# Work to complete
Pull out of the data below the stretch of lines bounded by the one containing "Q: Is the typeface" and the one containing "Q: Monospaced? A: No.", both bounds included, unchanged.

(Data for processing)

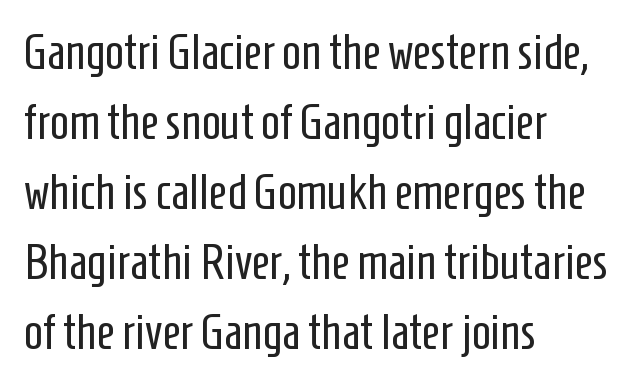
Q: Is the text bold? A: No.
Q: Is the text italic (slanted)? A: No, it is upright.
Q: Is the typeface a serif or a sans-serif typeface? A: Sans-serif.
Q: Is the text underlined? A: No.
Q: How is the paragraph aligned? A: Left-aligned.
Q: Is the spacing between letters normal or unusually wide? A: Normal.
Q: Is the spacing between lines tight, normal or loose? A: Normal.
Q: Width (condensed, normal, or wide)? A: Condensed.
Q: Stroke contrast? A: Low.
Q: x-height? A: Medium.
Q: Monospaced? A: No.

(End Data for processing)
(Data for processing)

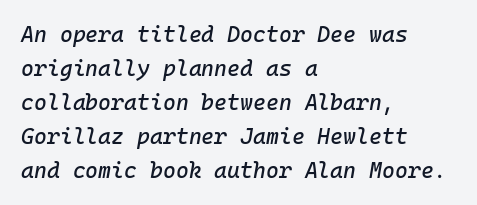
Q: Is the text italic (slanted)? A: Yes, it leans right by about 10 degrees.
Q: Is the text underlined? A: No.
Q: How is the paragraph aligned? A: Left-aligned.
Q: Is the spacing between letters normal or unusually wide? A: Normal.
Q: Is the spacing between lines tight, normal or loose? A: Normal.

(End Data for processing)

# Completed exercise
Q: Is the typeface a serif or a sans-serif typeface? A: Sans-serif.
Q: Is the text underlined? A: No.
Q: How is the paragraph aligned? A: Left-aligned.
Q: Is the spacing between letters normal or unusually wide? A: Normal.
Q: Is the spacing between lines tight, normal or loose? A: Normal.
Q: Width (condensed, normal, or wide)? A: Condensed.
Q: Stroke contrast? A: Low.
Q: x-height? A: Medium.
Q: Monospaced? A: No.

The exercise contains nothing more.